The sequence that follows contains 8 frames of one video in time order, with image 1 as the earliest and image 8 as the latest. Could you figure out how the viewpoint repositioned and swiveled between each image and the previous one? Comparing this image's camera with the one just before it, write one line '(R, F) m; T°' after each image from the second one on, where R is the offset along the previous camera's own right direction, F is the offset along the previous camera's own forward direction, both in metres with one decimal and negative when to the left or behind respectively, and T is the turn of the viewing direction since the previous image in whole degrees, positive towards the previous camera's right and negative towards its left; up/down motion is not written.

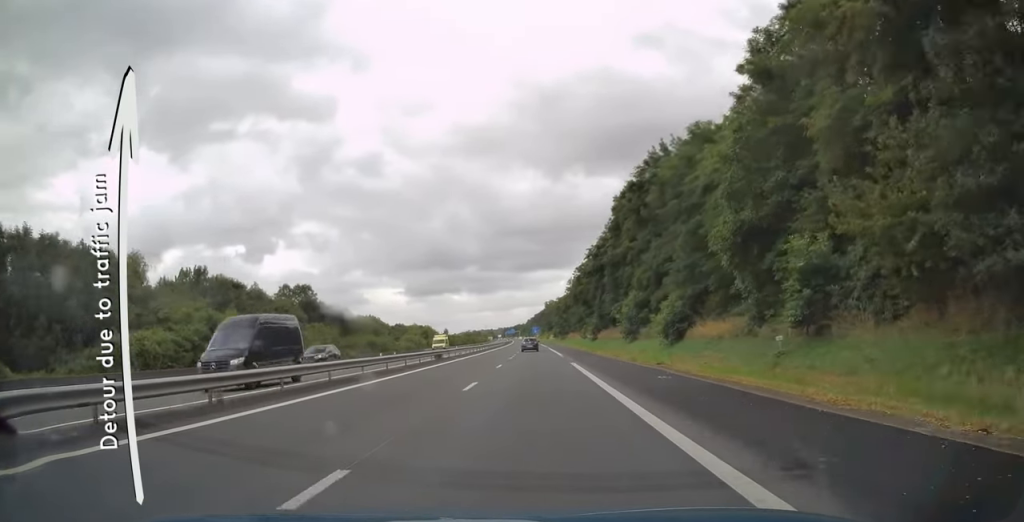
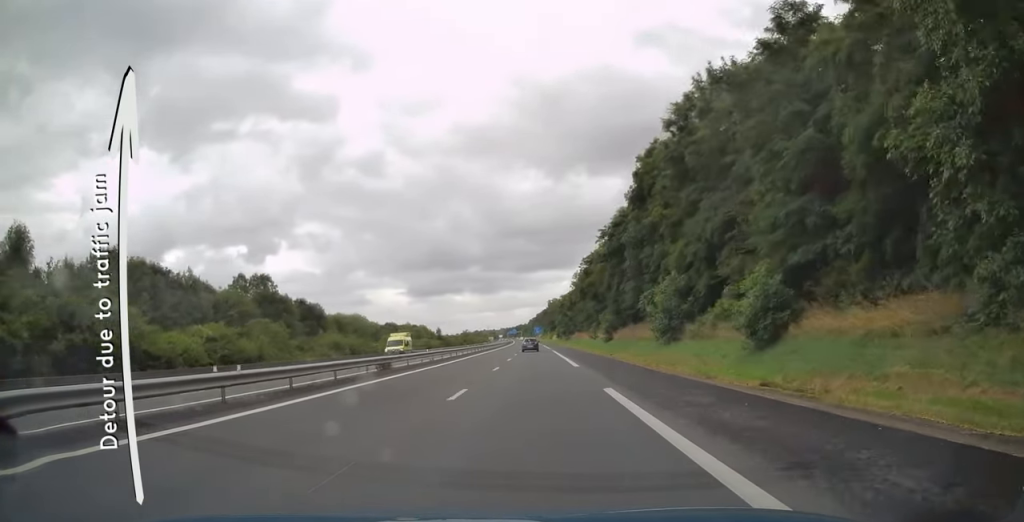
(-0.1, +15.6) m; -1°
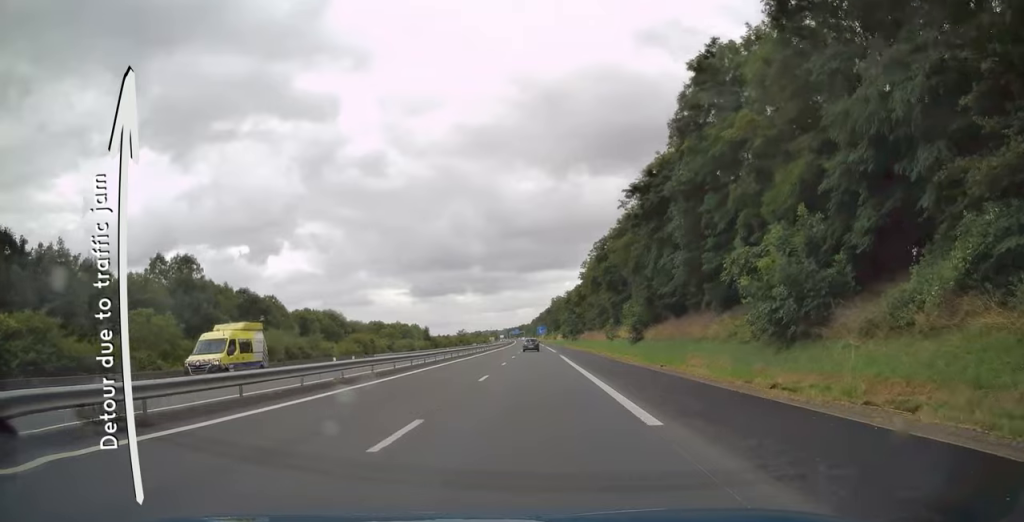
(+0.1, +19.5) m; 0°
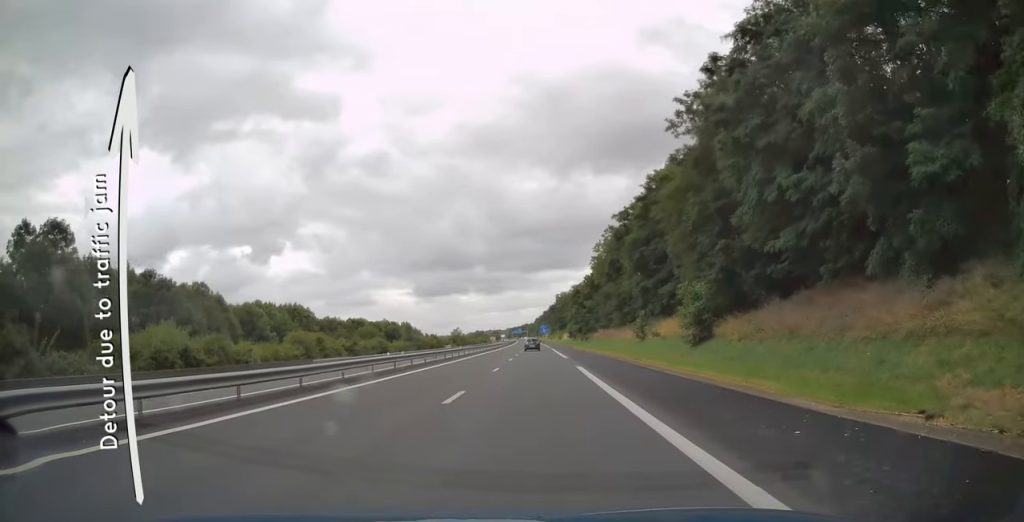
(-0.2, +20.5) m; 0°
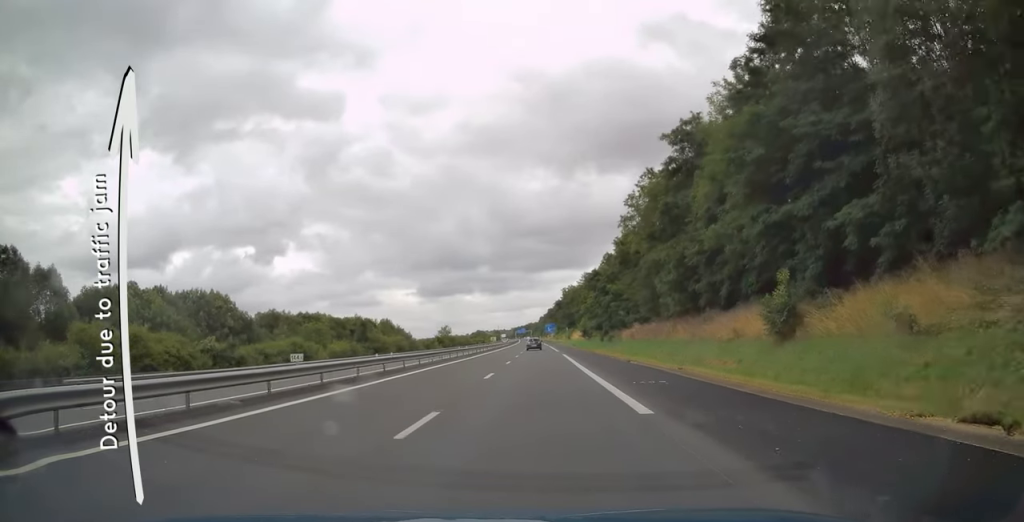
(-0.2, +30.8) m; 0°
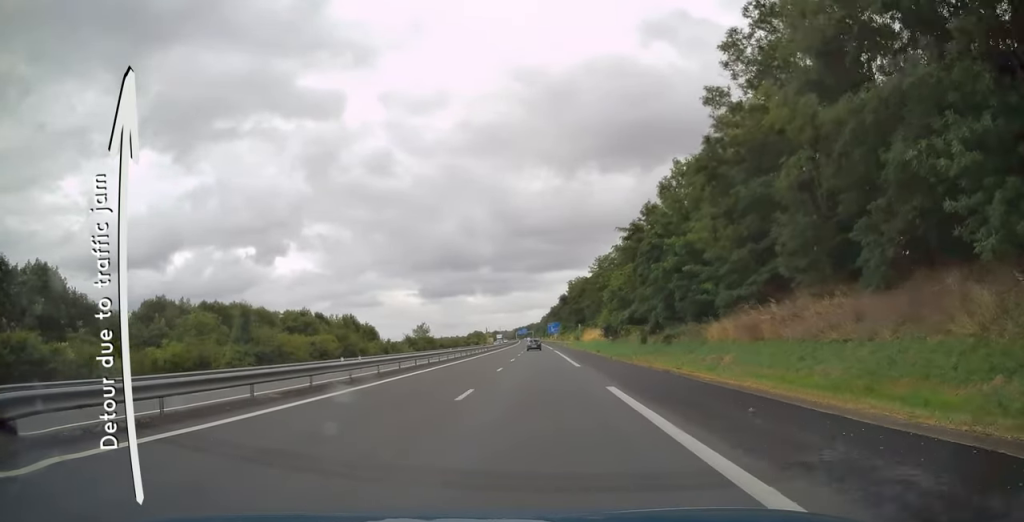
(0.0, +33.5) m; 0°
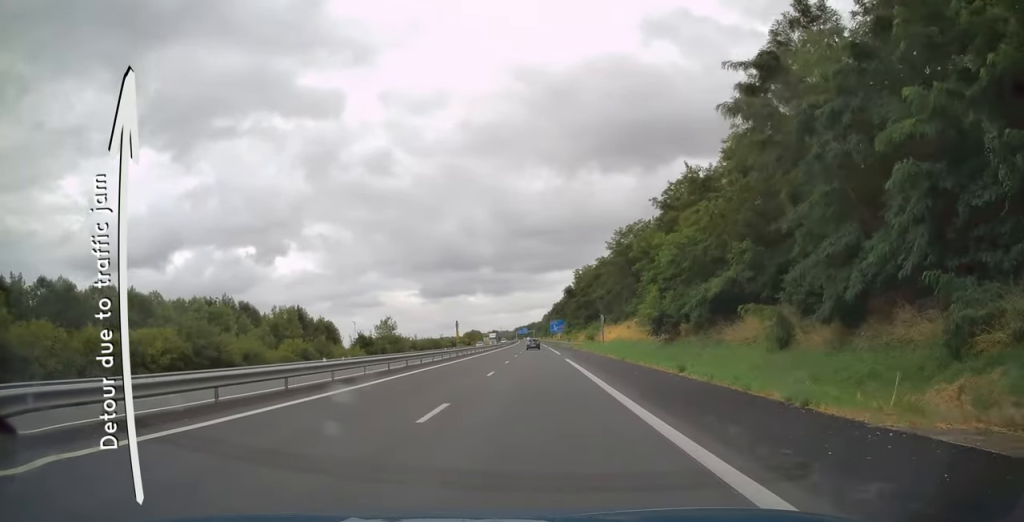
(0.0, +30.2) m; 0°
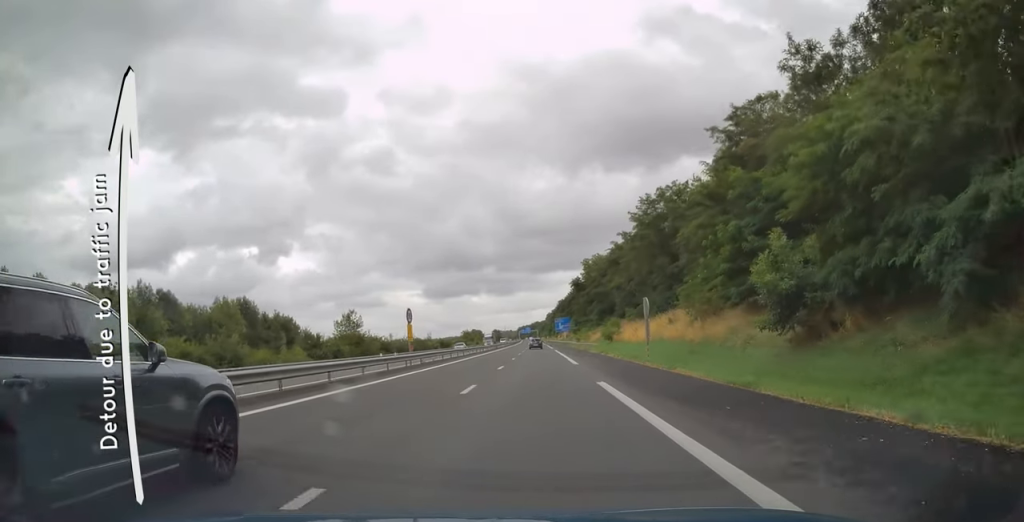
(+0.1, +20.8) m; 0°

*-*-*

Word for word, return the records shown above without their pictures.

The sequence that follows contains 8 frames of one video in time order, with image 1 as the earliest and image 8 as the latest. Could you figure out how the viewpoint repositioned and swiveled between each image and the previous one? Comparing this image's camera with the one just before it, write one line '(R, F) m; T°' after each image from the second one on, where R is the offset along the previous camera's own right direction, F is the offset along the previous camera's own forward direction, both in metres with one decimal and negative when to the left or behind respectively, and T is the turn of the viewing direction since the previous image in whole degrees, positive towards the previous camera's right and negative towards its left; up/down motion is not written.

(-0.1, +15.6) m; -1°
(+0.1, +19.5) m; 0°
(-0.2, +20.5) m; 0°
(-0.2, +30.8) m; 0°
(0.0, +33.5) m; 0°
(0.0, +30.2) m; 0°
(+0.1, +20.8) m; 0°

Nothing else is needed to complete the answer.